Asia's ongoing infrastructure boom has induced a frenzy of
activity on the part of many Western executives keen to get a
piece of the action—especially in the power-generation sector.
Despite over 120 years of project development experience,
Western firms' success in Asia's electrification race is far
from assured. The challenges facing Western companies
competing to build nuclear plants offer a telling case
study.
Asia ought to be a natural market for Western
nuclear-generation giants like Westinghouse, General Electric
and Areva. On the demand side, Asia's desire for nuclear
energy is only increasing. The world's 440 nuclear reactors
produce 14% of global electricity, but account for less than
1% in Asia, where coal- and gas-fired power plants
dominate.
Historically, nuclear energy was seen as too expensive,
technology-intensive and politically sensitive compared with
the fossil-fuel alternatives. But those perceptions are
evolving as concern about long-term access to natural
resources, fuel-price volatility and environmental
considerations loom in policy makers' minds. With hydropower
already nearly fully deployed—there are only a finite number
of rivers to dam—nuclear power is the only
non-carbon-consuming, non-carbon-emitting alternative that is
currently deployable on a large, commercially viable
scale.
As a result, 10 countries in Asia have nuclear energy
development plans. New Delhi forecasts India will spend $175
billion to increase nuclear energy production 13-fold by 2030.
China, India and Vietnam combined will build about 115,000
megawatts of nuclear generating capacity, investing more than
half a trillion dollars over the next 15 years. At least 46
countries will build 1,000 reactors by 2030, creating
trillions of dollars of revenue and tens of thousands of jobs
across the technology, engineering, construction, materials
and services supply chain.
American, French and Japanese companies ought to enjoy
several advantages. They already are global leaders in systems
design, equipment technology and project management. Together,
American, French and Japanese companies have built more than
70% of the world's nuclear capacity. That experience created a
first-mover advantage that sustained their dominance for
decades. Technological advances in operations, safety and
durability further anchored their market position.
Yet despite those historical advantages, keeping up with
new competitors like Russia's Rosatom and Korea's Doosan Heavy
Industries and Korea Hydro & Nuclear Power is proving
difficult. And now increasing competition from China is making
life harder still. Already the world's largest manufacturer of
wind turbines and solar panels, China aims to become the
largest builder of nuclear power plants within 10 years.
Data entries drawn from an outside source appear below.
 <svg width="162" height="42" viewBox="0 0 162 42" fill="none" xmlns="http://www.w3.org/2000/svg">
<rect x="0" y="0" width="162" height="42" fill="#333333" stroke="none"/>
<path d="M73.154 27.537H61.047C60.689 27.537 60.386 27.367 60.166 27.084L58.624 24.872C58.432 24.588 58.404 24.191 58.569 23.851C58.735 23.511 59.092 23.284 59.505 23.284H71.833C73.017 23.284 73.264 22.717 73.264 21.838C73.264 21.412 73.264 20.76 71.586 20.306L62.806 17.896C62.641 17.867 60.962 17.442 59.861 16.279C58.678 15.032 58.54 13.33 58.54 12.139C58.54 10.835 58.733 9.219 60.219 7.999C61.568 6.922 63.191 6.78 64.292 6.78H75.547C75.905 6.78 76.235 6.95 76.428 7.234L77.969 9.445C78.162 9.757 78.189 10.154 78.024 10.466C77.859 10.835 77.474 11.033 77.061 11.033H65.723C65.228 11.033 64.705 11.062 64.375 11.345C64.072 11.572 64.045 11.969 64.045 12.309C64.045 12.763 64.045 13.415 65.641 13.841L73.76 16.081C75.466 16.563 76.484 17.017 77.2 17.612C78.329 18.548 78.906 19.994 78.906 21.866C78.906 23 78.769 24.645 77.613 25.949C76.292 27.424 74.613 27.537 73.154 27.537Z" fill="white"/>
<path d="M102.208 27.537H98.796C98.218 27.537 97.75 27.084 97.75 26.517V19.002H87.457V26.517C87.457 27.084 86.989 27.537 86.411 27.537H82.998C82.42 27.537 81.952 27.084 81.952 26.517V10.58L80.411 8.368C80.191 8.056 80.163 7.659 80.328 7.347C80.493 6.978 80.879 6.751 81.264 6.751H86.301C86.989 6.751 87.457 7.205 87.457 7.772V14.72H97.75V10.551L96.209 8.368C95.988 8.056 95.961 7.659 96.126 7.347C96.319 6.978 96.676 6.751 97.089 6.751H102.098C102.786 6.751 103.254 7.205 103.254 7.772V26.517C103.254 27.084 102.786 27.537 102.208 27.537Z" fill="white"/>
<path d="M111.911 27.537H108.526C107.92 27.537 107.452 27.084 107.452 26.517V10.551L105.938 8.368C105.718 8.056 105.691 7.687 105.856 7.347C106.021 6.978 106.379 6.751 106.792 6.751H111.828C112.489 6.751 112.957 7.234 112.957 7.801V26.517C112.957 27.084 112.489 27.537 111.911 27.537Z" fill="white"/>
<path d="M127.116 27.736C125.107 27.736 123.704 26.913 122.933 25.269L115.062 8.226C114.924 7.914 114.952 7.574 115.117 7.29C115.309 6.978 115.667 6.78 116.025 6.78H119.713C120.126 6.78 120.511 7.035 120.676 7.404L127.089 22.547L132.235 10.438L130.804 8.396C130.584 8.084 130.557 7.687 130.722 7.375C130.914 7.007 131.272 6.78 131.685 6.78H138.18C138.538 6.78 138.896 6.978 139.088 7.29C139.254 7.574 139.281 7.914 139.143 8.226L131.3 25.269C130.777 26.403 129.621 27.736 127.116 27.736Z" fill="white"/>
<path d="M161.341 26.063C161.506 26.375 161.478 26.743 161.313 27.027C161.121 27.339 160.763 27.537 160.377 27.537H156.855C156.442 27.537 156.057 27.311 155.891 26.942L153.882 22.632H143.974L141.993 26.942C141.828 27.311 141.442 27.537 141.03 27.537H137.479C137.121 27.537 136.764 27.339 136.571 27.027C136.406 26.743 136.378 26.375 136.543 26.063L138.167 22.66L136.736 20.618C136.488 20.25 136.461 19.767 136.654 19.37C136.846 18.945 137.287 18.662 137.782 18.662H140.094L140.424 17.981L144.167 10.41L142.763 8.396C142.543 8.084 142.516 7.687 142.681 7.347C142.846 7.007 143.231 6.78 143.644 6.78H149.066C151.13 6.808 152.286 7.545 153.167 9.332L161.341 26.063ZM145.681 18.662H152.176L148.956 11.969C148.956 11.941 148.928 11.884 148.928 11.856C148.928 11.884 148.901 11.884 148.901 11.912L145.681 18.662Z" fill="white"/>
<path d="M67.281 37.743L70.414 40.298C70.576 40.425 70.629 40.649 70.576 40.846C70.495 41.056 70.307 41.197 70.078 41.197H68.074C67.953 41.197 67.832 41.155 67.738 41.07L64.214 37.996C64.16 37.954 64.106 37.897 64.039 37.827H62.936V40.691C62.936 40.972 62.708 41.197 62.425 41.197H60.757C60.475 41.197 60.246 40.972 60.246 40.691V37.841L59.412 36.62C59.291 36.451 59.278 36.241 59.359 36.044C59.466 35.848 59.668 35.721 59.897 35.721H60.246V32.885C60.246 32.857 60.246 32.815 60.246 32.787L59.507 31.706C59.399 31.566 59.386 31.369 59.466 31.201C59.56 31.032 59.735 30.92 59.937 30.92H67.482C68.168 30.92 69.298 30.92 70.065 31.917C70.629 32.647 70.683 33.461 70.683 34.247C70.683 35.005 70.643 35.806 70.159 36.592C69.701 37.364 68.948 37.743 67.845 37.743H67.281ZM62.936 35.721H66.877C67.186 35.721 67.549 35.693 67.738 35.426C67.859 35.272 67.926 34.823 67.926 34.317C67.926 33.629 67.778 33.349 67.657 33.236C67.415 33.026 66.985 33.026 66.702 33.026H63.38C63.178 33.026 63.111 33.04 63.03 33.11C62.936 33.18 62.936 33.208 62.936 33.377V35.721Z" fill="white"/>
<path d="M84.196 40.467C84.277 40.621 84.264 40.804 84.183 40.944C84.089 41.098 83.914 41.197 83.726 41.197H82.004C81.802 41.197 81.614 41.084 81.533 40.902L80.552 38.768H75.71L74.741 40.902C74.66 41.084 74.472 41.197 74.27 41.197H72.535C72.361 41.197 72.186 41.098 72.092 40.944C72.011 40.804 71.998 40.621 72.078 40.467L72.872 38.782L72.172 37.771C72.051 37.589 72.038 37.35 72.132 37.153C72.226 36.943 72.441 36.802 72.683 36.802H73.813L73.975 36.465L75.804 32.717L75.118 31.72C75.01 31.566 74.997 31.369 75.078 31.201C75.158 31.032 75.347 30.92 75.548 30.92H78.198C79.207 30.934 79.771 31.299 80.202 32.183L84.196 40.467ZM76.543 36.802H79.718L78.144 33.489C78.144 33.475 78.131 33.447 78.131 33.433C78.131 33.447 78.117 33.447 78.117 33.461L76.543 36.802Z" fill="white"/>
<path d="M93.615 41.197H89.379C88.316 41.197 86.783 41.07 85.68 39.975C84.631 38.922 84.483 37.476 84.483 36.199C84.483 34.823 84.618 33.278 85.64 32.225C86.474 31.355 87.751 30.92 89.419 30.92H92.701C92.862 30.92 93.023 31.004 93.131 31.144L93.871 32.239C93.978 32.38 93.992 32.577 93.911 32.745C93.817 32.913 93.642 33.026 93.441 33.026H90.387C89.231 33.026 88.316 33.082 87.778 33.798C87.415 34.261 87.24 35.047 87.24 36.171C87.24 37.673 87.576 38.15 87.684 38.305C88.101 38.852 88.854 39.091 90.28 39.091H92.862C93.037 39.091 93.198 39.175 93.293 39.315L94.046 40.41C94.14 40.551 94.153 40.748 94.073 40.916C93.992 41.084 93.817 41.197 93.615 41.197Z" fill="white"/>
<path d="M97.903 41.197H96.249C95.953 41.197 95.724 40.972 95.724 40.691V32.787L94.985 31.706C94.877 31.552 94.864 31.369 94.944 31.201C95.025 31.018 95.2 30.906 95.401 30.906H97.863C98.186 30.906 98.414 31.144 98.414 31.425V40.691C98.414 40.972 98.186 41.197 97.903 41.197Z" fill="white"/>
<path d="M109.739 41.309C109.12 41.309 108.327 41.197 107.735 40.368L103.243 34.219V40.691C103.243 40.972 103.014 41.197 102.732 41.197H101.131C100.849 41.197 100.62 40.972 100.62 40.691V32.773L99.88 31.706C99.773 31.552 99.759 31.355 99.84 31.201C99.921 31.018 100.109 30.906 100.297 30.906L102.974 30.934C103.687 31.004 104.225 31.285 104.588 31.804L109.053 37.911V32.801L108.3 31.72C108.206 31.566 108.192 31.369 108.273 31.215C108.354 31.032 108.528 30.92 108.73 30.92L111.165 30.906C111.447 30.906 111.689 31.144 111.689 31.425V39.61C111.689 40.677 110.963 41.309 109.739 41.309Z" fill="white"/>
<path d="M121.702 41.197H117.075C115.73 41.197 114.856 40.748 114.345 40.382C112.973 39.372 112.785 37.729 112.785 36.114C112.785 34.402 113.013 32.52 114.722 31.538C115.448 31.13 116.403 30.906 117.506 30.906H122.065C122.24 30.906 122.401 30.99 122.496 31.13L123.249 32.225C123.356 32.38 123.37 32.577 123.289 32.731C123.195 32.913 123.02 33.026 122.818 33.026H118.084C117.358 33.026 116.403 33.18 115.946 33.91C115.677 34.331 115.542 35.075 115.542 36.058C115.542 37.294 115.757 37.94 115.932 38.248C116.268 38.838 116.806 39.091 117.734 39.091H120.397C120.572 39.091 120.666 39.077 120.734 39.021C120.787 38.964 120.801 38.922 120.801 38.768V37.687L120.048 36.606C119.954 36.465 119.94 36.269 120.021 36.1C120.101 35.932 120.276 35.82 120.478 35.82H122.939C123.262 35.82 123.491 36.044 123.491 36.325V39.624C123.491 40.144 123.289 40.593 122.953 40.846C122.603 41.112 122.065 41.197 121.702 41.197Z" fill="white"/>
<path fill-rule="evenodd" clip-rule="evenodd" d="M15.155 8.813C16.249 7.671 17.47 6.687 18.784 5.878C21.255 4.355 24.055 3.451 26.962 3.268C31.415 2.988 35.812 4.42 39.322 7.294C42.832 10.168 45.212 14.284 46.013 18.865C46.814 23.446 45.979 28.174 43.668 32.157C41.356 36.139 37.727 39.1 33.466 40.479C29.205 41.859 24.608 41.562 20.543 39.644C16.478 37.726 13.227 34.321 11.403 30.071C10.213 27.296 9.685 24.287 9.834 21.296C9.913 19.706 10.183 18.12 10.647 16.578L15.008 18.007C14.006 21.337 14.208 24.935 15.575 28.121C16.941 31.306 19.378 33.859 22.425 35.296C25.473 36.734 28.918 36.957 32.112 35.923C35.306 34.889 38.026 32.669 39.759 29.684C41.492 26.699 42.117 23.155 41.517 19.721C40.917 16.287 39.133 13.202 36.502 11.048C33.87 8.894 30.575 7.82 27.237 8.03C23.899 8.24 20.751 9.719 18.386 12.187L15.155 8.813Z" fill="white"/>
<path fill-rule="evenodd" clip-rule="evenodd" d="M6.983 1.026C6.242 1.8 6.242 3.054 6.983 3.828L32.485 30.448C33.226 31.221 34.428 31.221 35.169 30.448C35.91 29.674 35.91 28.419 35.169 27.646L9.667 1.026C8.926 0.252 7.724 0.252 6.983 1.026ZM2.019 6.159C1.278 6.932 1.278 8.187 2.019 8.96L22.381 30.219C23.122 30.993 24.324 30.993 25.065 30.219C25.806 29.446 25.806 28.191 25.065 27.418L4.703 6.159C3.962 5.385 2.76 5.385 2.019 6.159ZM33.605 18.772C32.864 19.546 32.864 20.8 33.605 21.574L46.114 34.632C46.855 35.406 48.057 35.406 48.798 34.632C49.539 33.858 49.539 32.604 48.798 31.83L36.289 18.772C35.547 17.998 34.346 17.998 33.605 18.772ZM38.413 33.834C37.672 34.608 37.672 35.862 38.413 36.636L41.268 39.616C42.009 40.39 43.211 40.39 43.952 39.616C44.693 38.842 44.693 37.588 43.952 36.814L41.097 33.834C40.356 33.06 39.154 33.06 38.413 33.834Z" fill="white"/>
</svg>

Beijing accords long-term energy planning a central role in
its national security, both to propel its continued economic
growth at home and to compete for trillions of dollars of
clean energy projects abroad.
American technology is currently used in more than 50% of
the world's nuclear power facilities, but that dominance is in
danger. One startling reminder of this came earlier this year:
Hanoi signed contracts worth roughly $20 billion for foreign
companies to build four nuclear plants in Vietnam. Russian
companies captured $5.6 billion of that, and Japan the other
$14.4 billion. France and South Korea were rumored to be the
runners-up. Despite U.S. diplomatic intervention and
financing, America brought up the rear. Late last year, a
South Korean consortium landed a $40 billion deal for a
four-reactor project in the United Arab Emirates, and in May,
Russia's Rosatom signed up the first nuclear plant in
Bangladesh.
In part, the new entrants' success is attributable to the
strategies of Western companies themselves in approaching
Asian markets. To gain its foothold in China, Westinghouse
agreed in 2007 to transfer cutting-edge technology to a
Chinese partner. In the short term, that arrangement helped
Westinghouse win a $5.3 billion contract to build four
reactors at two plants. But it was also part of China's
"self-reliance program" and has enabled China to adopt that
technology for further domestic expansion and for sale to
other countries—becoming a new global competitor now offering
proven technology, lower prices and cheaper financing.
But American companies in
particular also feel the effects of policies at home when they
try to compete abroad. America has not built a new nuclear
power plant in 30 years. This is a competitive disadvantage
when China will construct 33 nuclear reactors at home by 2030,
adding each year more than the entire generating capacity of
India. France's 60 reactors generate 80% of that country's
electricity, and Japan's 55 reactors produce more than 60% of
its energy. The enormous extent of their home-schooling
enables companies in these countries to bring a formidable
domestic experience to bear in international markets. American
companies lack that opportunity, forcing them to innovate on
new technologies abroad at the same time that they have to
navigate a web of foreign tax and regulatory policies.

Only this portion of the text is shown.